Now, let’s create widget for interacting, in content browser create Widget, name it “InteractionWidget”. Place text on the screen inside the Widget editor.

Return to “InteractingObject” blueprint. Add function “Interact”. Inside, place the nodes responsible to attach the widget to the player’s viewport. After them, pull the reference to your “InteractionWidget” and using it - set a value of text variable you have placed on the screen, set it by value of variable “DisplayText”.

In “InteractingObject” you can create a simple Delay node, which will trigger after 2 seconds a detach from viewport. After detaching, you can set a bool flag, that the object was used. Also, you can change the “DisplayText” to another.

Now, as we explained in comments, in blueprint of “Chest” you can add specific MeshComponent. To place a “Chest” to the world, drag it from Content Browser to the game. It’s going to instantiate the object of blueprint class “Chest”, you will see in the World Detail tab a specific name, for example “Chest_01”. You can instantiate as many chests as you want and in every chest you can change the default value of “DisplayText” to original message.

To create a different object to interact with, use a parent “InteractingObject” and add different MeshComponent or AudioComponents. That’s how it works.

Don’t forget to choose this answer if it fits your needs, thanks.

Good luck!
// Taberu

I just want to put in a quick comment on the Custom Events. Just be glad you can’t call an Event that does not exist. If you could do that and you start creating calls to many events that does not exist you would lose track of them fairly quickly and your blueprint would end up a total wreck.

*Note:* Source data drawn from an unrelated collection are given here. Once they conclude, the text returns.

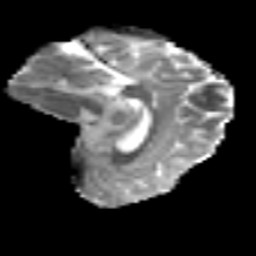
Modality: MD
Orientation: sagittal
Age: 29
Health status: ill
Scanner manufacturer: philips
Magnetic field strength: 3 T
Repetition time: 9 s
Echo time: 0.127 s
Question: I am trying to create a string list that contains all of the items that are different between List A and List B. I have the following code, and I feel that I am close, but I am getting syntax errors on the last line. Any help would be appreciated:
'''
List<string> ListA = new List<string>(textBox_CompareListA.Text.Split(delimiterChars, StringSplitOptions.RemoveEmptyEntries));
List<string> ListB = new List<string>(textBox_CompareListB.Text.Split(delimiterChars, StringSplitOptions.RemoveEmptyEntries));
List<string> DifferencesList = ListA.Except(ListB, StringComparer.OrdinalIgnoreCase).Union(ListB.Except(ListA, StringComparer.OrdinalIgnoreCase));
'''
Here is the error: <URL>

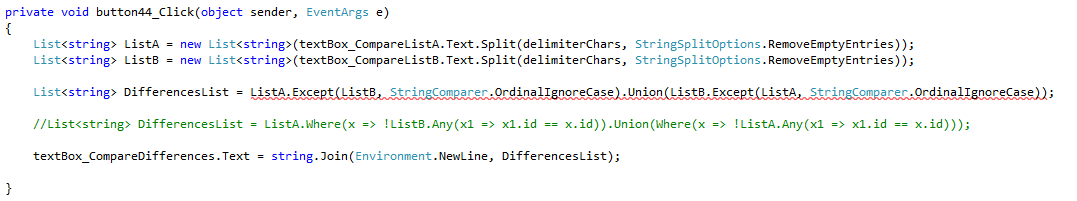
Answer: You should try calling <URL> to get the List from your query expression.
'''
List<string> DifferencesList = ListA.Except(ListB, StringComparer.OrdinalIgnoreCase).Union(ListB.Except(ListA, StringComparer.OrdinalIgnoreCase)).ToList();
'''

There are so many potential pitfall with something like that and I think this is the main reason why you can’t do it.

EDIT: Taberu, what are your thoughts on this?

I simply don’t get why the sheer act of creating it in the Event Graph is such a deal.

As far as I know, after I created with “add node” this red node of the custom event, I can delete it right away. Why can’t pulling a node from a series of events result in automatically creating a custom event as well? I mean the result would look the same.